▸ **HOW TO COMPLETE THIS TASK**: Give all of the listing again word for word, with images excluded.

________________________

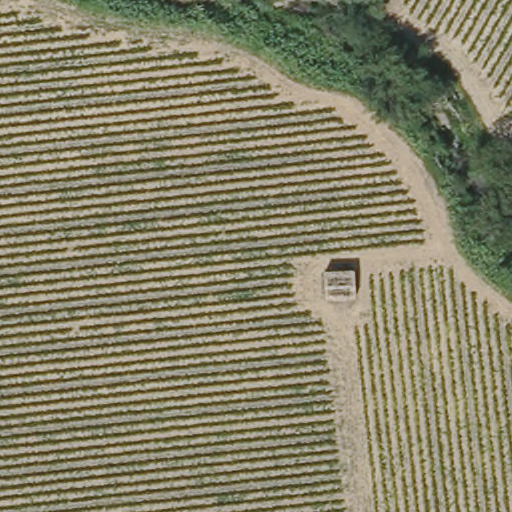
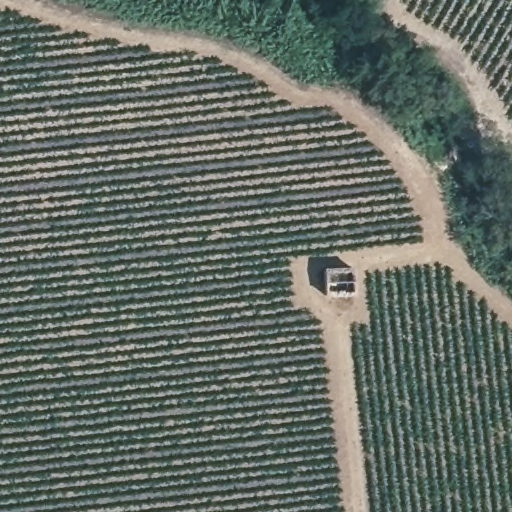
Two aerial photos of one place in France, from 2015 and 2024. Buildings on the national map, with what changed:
unchanged [(324,270),(355,267),(358,297),(328,299),(324,270)]

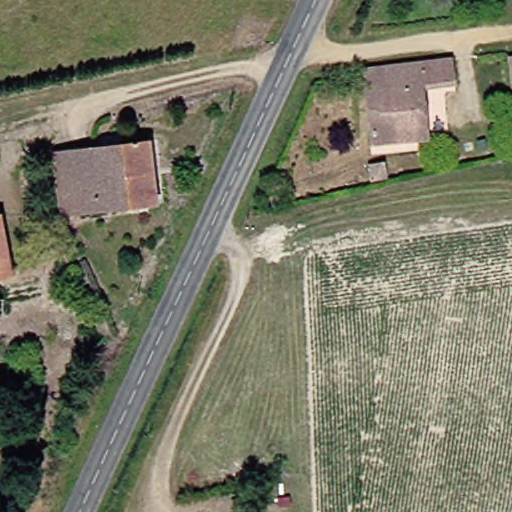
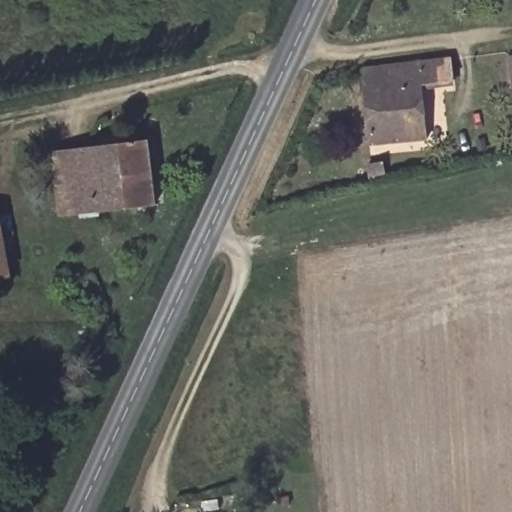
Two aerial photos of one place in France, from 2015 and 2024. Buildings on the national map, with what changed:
unchanged [(367,67),(426,58),(461,52),(463,72),(428,78),(436,128),(377,136),(367,67)]
unchanged [(62,212),(60,200),(66,200),(57,154),(152,137),(162,199),(69,216),(67,210),(62,212)]
unchanged [(0,213),(5,212),(17,267),(0,271),(0,213)]

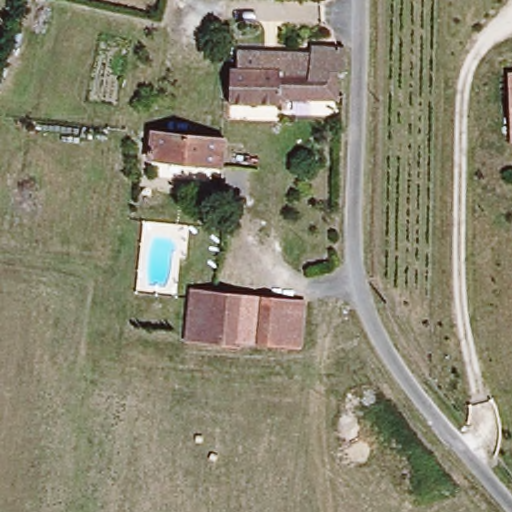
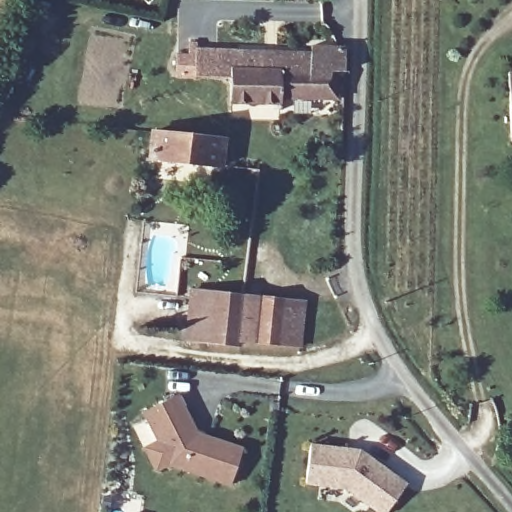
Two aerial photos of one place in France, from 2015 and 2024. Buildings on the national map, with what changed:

________________________

▸ **RESPONSE TO THIS TASK**:
Two aerial photos of one place in France, from 2015 and 2024. Buildings on the national map, with what changed:
unchanged [(324,270),(355,267),(358,297),(328,299),(324,270)]

Two aerial photos of one place in France, from 2015 and 2024. Buildings on the national map, with what changed:
unchanged [(367,67),(426,58),(461,52),(463,72),(428,78),(436,128),(377,136),(367,67)]
unchanged [(62,212),(60,200),(66,200),(57,154),(152,137),(162,199),(69,216),(67,210),(62,212)]
unchanged [(0,213),(5,212),(17,267),(0,271),(0,213)]

Two aerial photos of one place in France, from 2015 and 2024. Buildings on the national map, with what changed:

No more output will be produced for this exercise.